Top of Source records

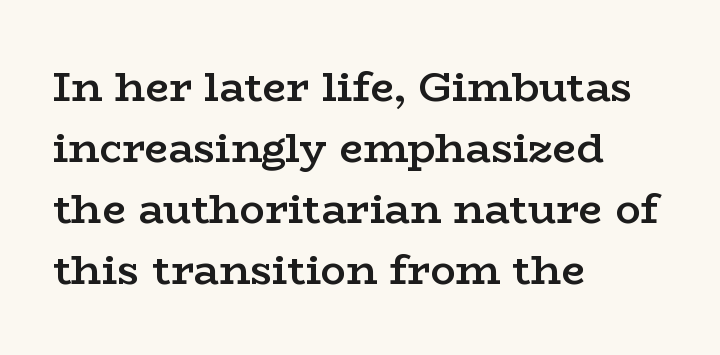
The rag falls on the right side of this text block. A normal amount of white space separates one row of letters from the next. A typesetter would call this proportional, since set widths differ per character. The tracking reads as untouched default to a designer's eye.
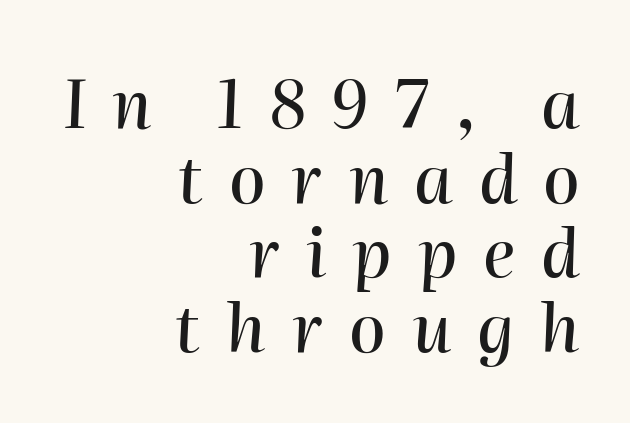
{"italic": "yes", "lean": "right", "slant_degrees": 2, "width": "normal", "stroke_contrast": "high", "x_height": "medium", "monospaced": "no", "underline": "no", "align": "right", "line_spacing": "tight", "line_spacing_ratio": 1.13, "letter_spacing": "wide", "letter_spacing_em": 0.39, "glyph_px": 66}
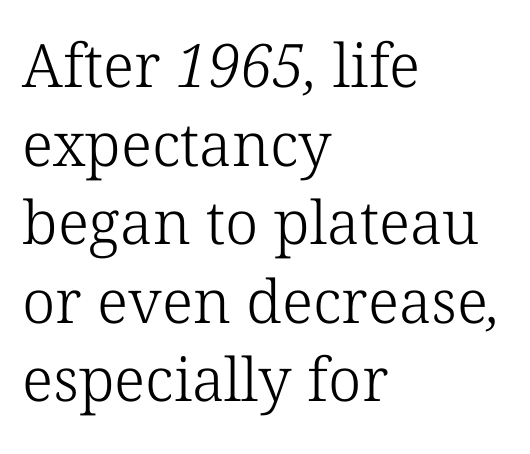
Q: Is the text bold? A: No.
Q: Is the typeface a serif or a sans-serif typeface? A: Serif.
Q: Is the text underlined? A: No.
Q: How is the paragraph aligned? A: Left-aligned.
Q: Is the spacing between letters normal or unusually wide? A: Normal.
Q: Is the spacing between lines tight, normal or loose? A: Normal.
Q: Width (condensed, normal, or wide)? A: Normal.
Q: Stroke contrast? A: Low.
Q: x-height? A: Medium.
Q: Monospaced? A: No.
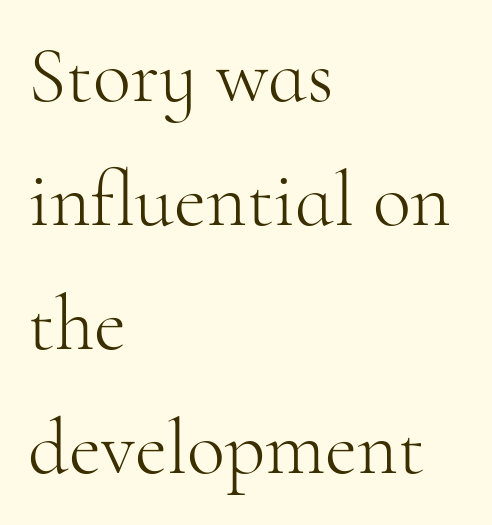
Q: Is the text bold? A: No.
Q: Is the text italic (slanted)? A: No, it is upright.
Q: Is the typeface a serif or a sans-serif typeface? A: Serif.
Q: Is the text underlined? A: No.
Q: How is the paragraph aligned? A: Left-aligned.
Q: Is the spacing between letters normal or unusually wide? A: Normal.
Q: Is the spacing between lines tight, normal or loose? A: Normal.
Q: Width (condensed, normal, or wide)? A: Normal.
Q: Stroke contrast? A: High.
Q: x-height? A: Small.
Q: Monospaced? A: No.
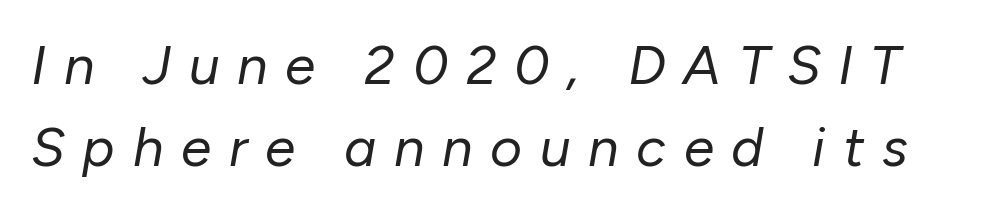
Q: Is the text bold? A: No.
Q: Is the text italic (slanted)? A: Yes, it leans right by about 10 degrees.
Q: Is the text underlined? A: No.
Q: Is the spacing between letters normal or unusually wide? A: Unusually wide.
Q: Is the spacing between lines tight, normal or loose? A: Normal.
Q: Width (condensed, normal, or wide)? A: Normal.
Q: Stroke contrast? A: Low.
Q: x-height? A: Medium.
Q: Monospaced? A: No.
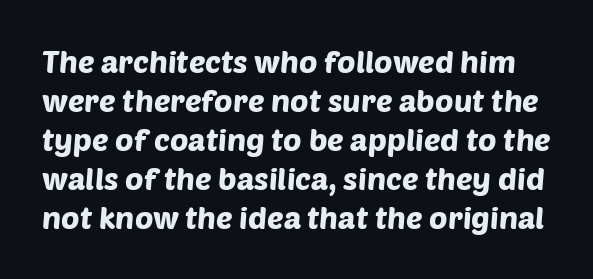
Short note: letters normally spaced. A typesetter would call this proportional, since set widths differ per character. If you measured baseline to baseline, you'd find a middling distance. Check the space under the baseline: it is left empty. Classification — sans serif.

Bottom of Source records
Top of Source records

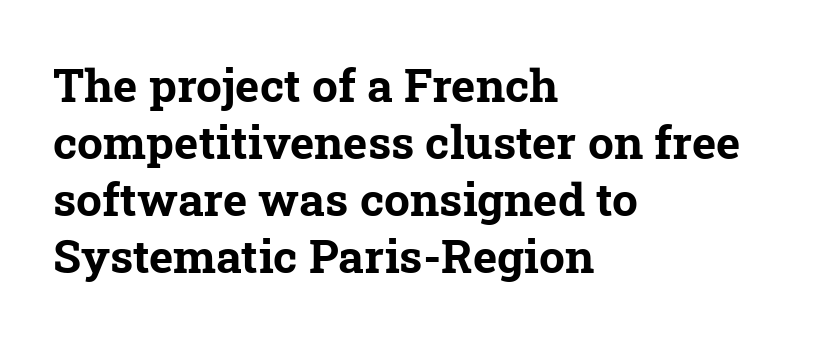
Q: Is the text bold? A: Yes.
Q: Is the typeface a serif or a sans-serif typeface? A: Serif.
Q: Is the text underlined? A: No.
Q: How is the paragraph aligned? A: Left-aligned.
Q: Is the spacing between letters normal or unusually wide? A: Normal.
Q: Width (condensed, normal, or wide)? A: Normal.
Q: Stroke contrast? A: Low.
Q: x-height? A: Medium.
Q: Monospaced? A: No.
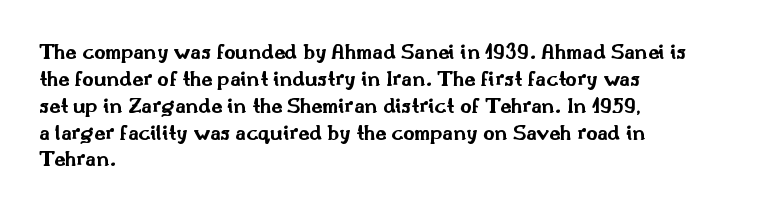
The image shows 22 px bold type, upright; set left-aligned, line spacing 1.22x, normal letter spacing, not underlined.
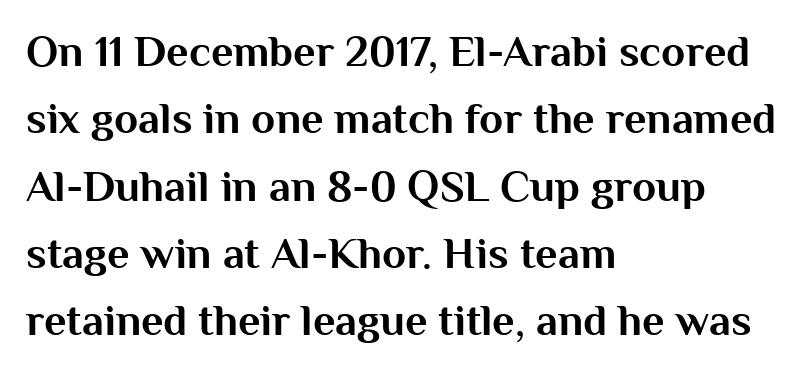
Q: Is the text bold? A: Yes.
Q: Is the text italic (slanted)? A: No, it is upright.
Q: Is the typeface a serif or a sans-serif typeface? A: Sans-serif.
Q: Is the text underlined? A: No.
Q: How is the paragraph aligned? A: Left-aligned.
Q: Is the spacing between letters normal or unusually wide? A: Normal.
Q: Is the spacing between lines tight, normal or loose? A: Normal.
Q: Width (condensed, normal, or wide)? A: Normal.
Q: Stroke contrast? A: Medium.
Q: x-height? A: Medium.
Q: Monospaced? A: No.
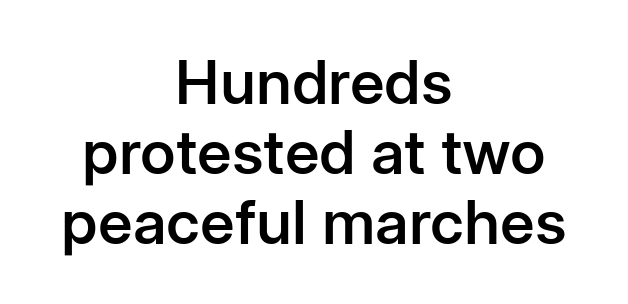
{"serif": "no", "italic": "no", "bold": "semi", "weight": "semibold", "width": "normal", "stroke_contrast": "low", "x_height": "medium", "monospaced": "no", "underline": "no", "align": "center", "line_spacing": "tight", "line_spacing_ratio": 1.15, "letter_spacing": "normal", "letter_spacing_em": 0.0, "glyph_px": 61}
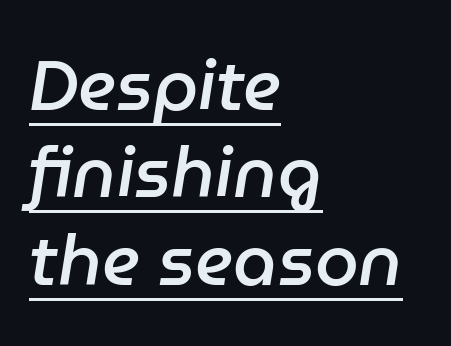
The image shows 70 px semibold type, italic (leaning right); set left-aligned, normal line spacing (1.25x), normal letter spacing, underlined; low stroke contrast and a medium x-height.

Bottom of Source records
Top of Source records

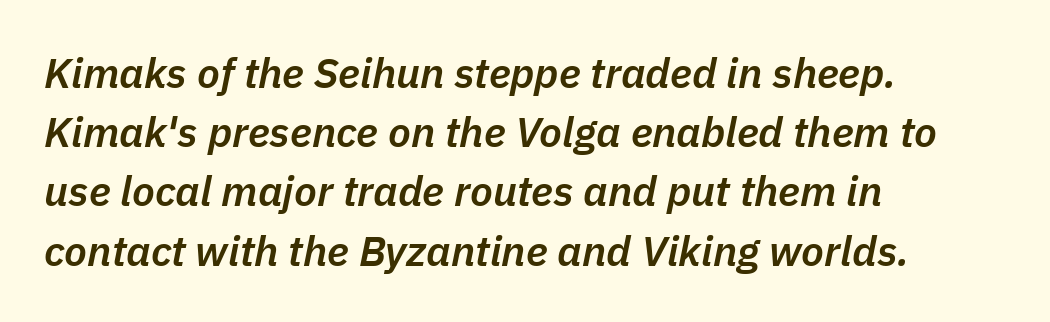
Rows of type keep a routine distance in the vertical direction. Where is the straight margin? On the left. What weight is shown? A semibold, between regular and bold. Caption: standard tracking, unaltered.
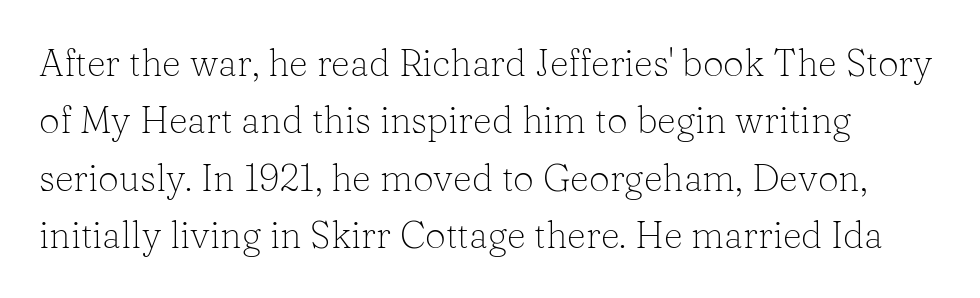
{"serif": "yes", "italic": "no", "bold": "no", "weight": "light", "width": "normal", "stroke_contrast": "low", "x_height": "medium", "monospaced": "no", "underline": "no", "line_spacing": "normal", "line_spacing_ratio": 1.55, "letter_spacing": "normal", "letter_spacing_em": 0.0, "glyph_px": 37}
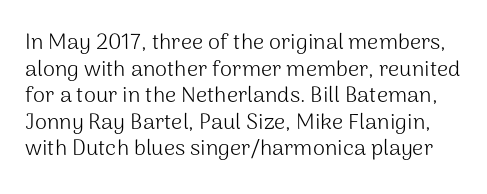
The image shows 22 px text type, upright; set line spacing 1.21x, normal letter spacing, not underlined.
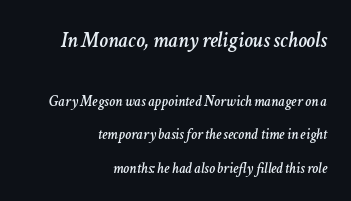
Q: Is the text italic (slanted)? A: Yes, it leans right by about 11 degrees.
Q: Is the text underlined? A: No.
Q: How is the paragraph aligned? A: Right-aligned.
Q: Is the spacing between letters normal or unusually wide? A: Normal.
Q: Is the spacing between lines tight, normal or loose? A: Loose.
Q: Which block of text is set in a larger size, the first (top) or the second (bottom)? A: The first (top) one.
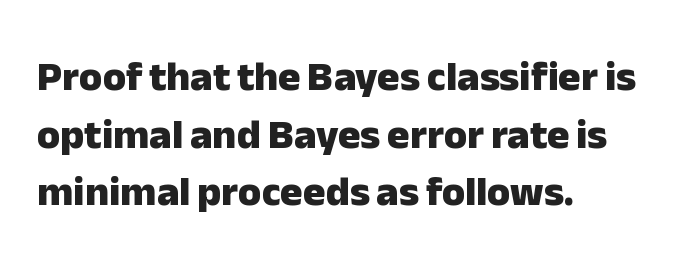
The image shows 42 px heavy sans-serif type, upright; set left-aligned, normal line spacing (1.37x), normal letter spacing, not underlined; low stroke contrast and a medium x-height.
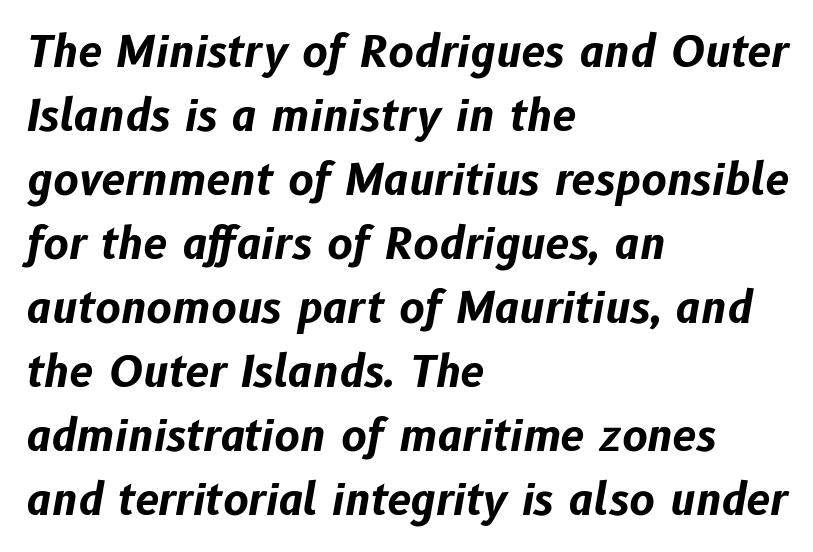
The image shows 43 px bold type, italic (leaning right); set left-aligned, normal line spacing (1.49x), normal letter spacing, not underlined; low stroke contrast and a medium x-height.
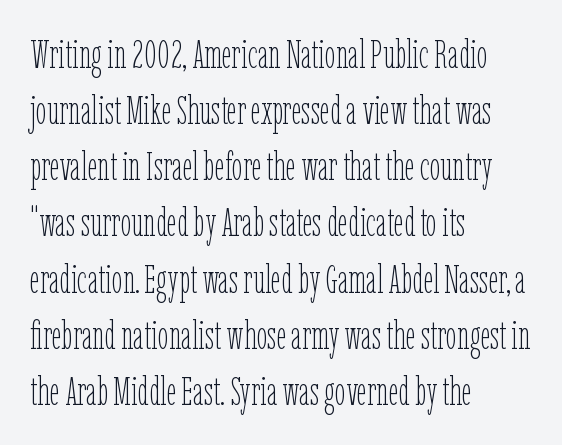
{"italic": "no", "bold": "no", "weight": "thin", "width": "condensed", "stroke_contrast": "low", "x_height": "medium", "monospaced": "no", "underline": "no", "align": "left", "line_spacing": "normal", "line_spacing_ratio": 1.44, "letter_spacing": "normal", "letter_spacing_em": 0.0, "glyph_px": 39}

Bottom of Source records

_What is needed_
Transcribe, word for word, the stretch of lines in the data above from the one with "typeface? A: Sans-serif." through the one with "The image shows 70"; omit all pictures.

_Exercise response_
Q: Is the typeface a serif or a sans-serif typeface? A: Sans-serif.
Q: Is the text underlined? A: No.
Q: How is the paragraph aligned? A: Left-aligned.
Q: Is the spacing between letters normal or unusually wide? A: Normal.
Q: Is the spacing between lines tight, normal or loose? A: Normal.
Q: Width (condensed, normal, or wide)? A: Normal.
Q: Stroke contrast? A: Medium.
Q: x-height? A: Medium.
Q: Monospaced? A: No.
{"serif": "no", "italic": "no", "bold": "semi", "weight": "semibold", "width": "normal", "stroke_contrast": "low", "x_height": "medium", "monospaced": "no", "underline": "no", "align": "center", "line_spacing": "tight", "line_spacing_ratio": 1.15, "letter_spacing": "normal", "letter_spacing_em": 0.0, "glyph_px": 61}
The image shows 70 px semibold type, italic (leaning right); set left-aligned, normal line spacing (1.25x), normal letter spacing, underlined; low stroke contrast and a medium x-height.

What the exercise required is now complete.